● **Assignment**: Give back the whole listing exactly as written, leaving out each picture.

● **Input data**:
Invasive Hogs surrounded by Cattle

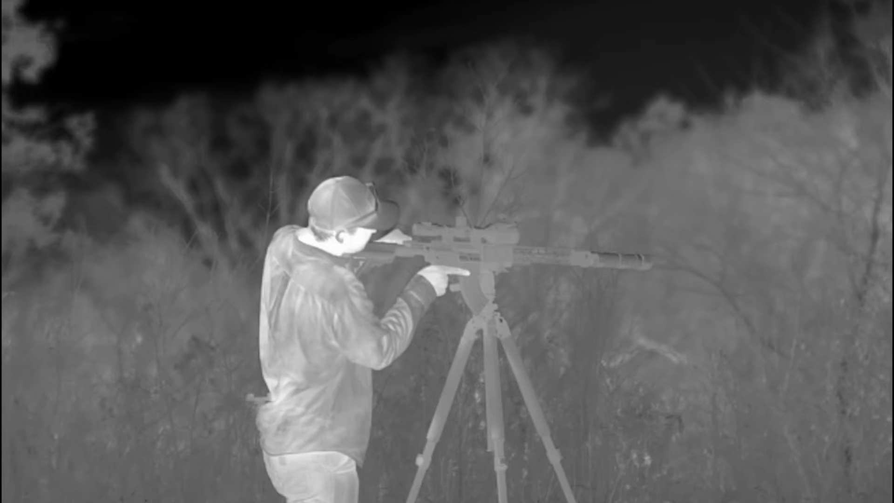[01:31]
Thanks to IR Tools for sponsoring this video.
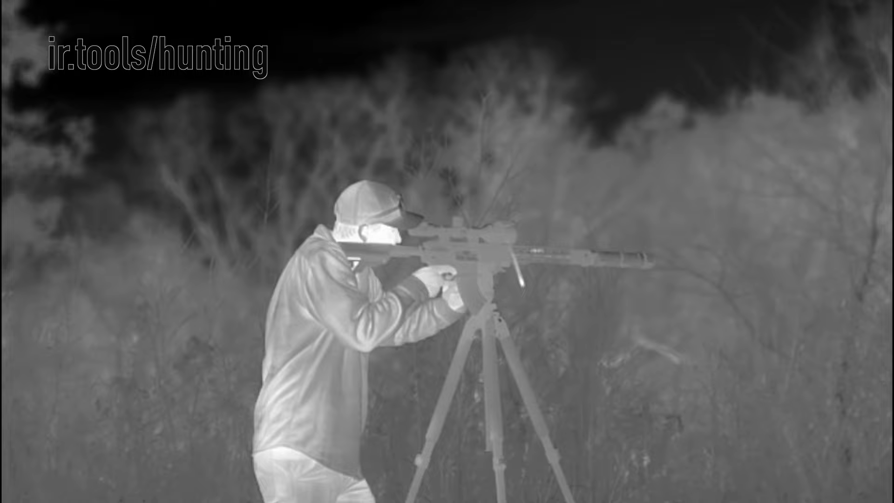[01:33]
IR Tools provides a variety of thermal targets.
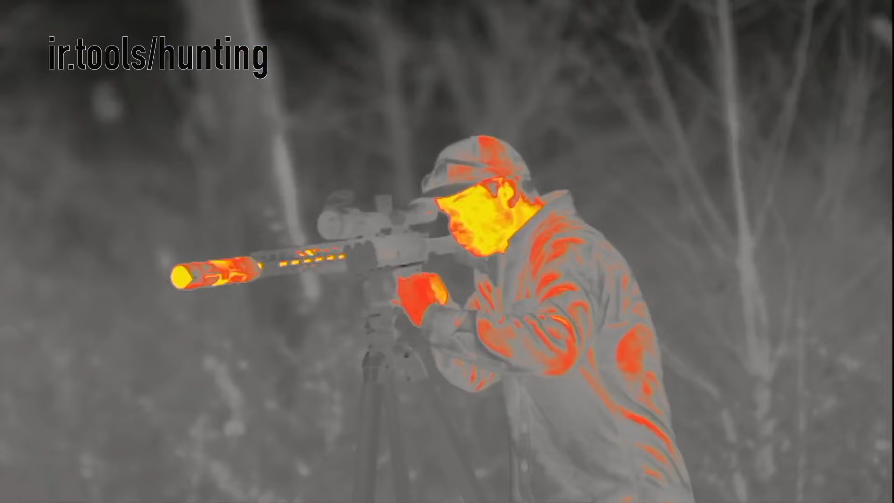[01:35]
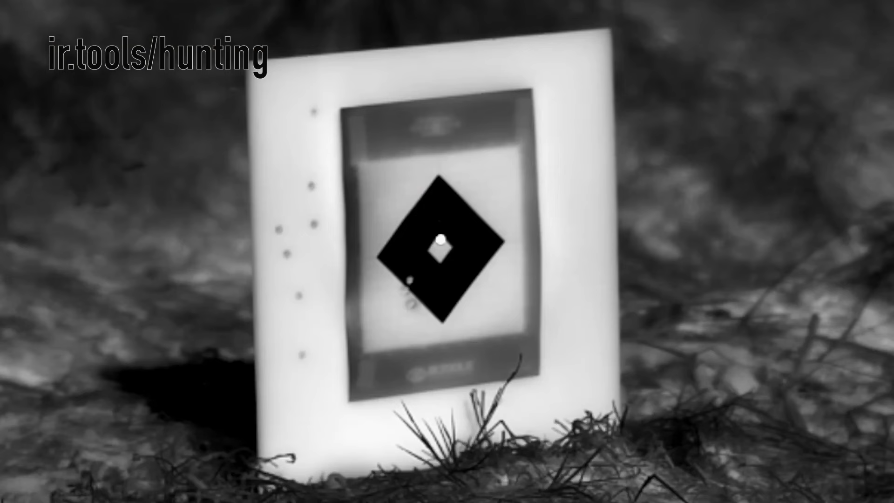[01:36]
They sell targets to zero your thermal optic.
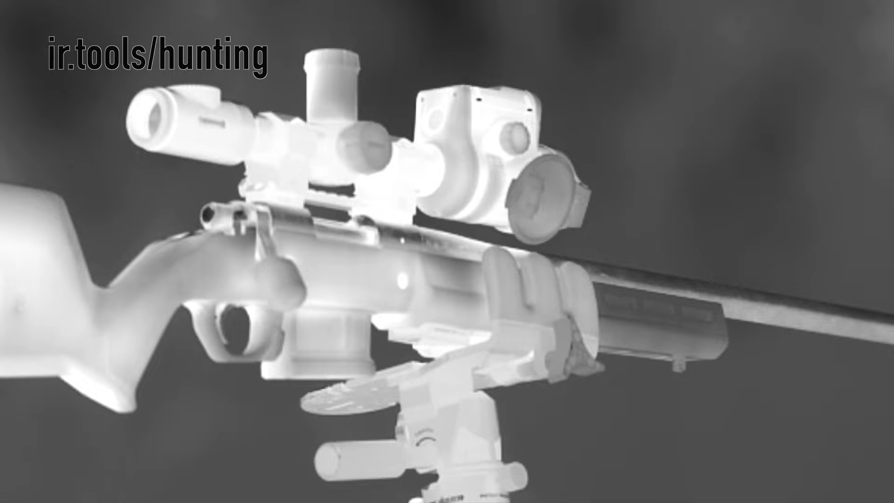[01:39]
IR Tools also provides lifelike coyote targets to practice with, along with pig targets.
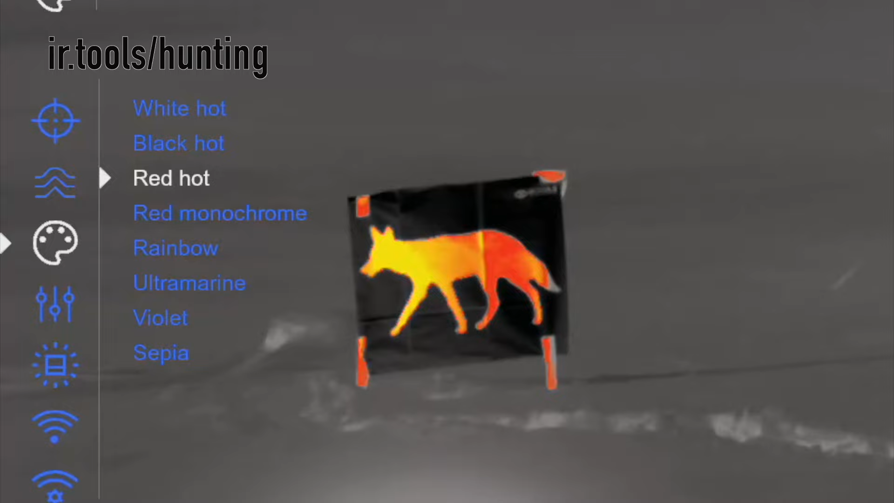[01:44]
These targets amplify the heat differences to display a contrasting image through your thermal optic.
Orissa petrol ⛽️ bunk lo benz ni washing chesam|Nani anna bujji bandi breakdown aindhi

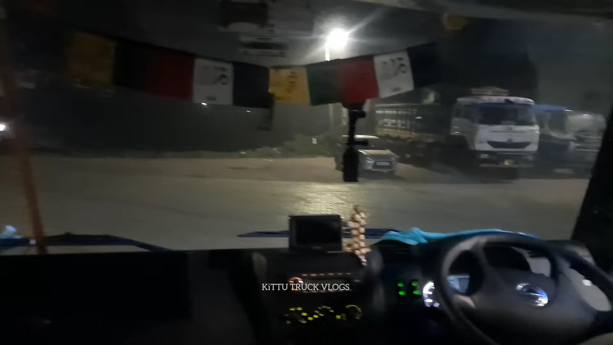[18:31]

● **Solution to this task**:
Invasive Hogs surrounded by Cattle

[01:31]
Thanks to IR Tools for sponsoring this video.
[01:33]
IR Tools provides a variety of thermal targets.
[01:35]
[01:36]
They sell targets to zero your thermal optic.
[01:39]
IR Tools also provides lifelike coyote targets to practice with, along with pig targets.
[01:44]
These targets amplify the heat differences to display a contrasting image through your thermal optic.
Orissa petrol ⛽️ bunk lo benz ni washing chesam|Nani anna bujji bandi breakdown aindhi

[18:31]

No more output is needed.